Data excerpts
_____

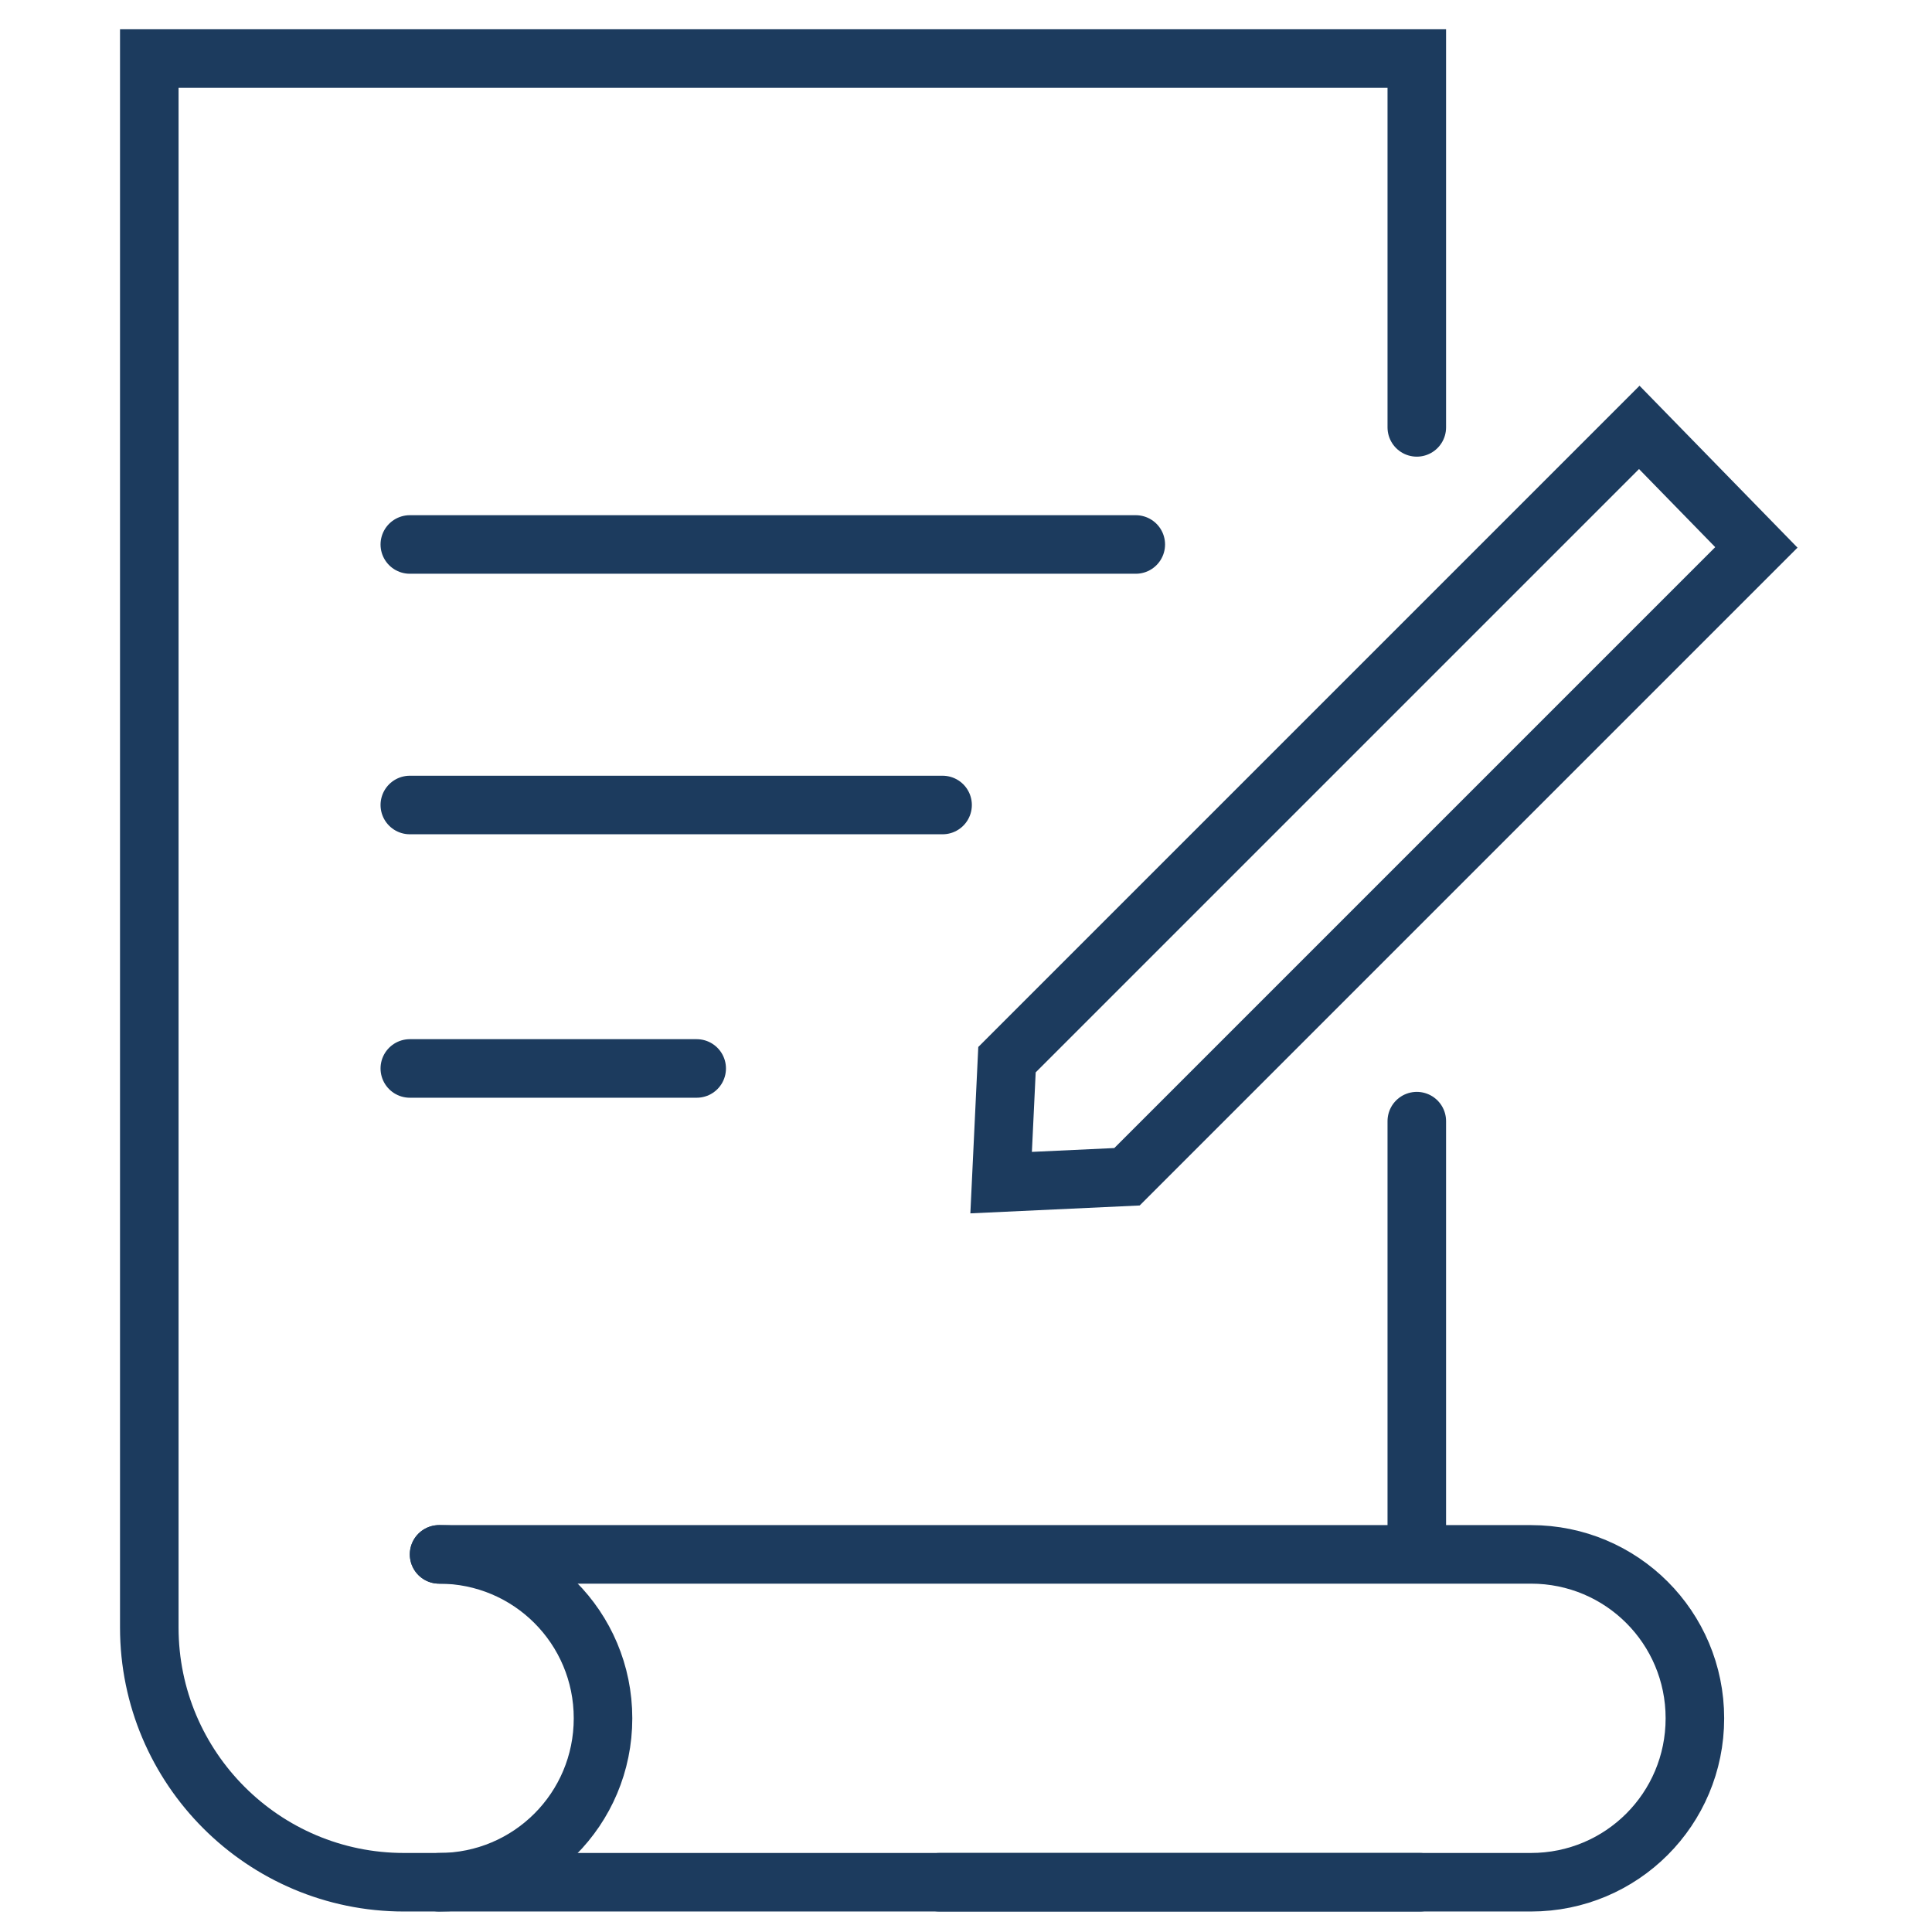 <?xml version="1.0" encoding="utf-8"?>
<!-- Generator: Adobe Illustrator 27.0.1, SVG Export Plug-In . SVG Version: 6.00 Build 0)  -->
<svg version="1.1" id="Layer_1" xmlns="http://www.w3.org/2000/svg" xmlns:xlink="http://www.w3.org/1999/xlink" x="0px" y="0px"
	 viewBox="0 0 66 66" style="enable-background:new 0 0 66 66;" xml:space="preserve">
<style type="text/css">
	.st0{fill:none;stroke:#1C3B5E;stroke-width:2;stroke-linecap:round;stroke-miterlimit:10;}
</style>
<g>
	<g>
		<g>
			<path class="st0" d="M48.4,14.6V2H5.1v53.6c0,4.8,3.9,8.7,8.7,8.7h34.7"/>
			<line class="st0" x1="48.4" y1="53" x2="48.4" y2="38.3"/>
			<path class="st0" d="M32.1,64.3h20.2c3.1,0,5.6-2.5,5.6-5.6l0,0c0-3.1-2.5-5.6-5.6-5.6H15"/>
			<path class="st0" d="M15,64.3c3.1,0,5.6-2.5,5.6-5.6l0,0c0-3.1-2.5-5.6-5.6-5.6"/>
		</g>
		<line class="st0" x1="32.2" y1="27.5" x2="14" y2="27.5"/>
		<line class="st0" x1="38.8" y1="18.6" x2="14" y2="18.6"/>
		<line class="st0" x1="23.8" y1="36.5" x2="14" y2="36.5"/>
	</g>
	<g>
		<polygon class="st0" points="38.5,40.2 34.2,40.4 34.4,36.2 56,14.6 60,18.7 		"/>
	</g>
</g>
</svg>

_____

What the task asks
Identify the lines in the entries that hold "style" and return each one.

Answer to the problem
	 viewBox="0 0 66 66" style="enable-background:new 0 0 66 66;" xml:space="preserve">
<style type="text/css">
</style>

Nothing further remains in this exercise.